--- Source records Enclosed Below ---

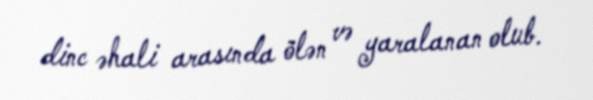
dinc əhali arasında ölən və yaralanan olub.
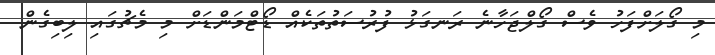
މި ގޯލަށްފަހު ވެސް ގޯލްޖަހާނެ ރަނގަޅު ފުރުސަތުތަކެއް ޑޯޓްމަންޑަށް މި މެޗުގައި ލިބިގެން
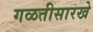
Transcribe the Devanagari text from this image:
गळतीसारखे
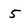
Character: 5
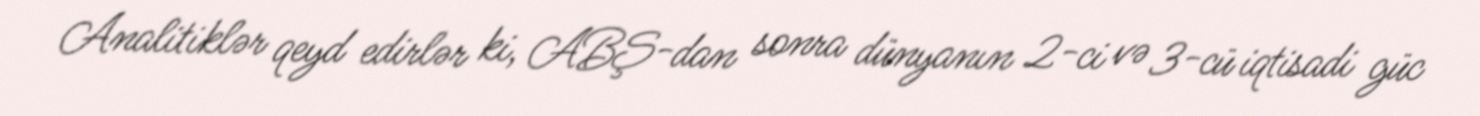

--- End of Enclosed Source records ---

* Aim of the exercise: Return word for word the line bearing "Transcribe the Devanagari" and every later line of the entries, but none of the pictures.

* Output for this task:
Transcribe the Devanagari text from this image:
गळतीसारखे
Character: 5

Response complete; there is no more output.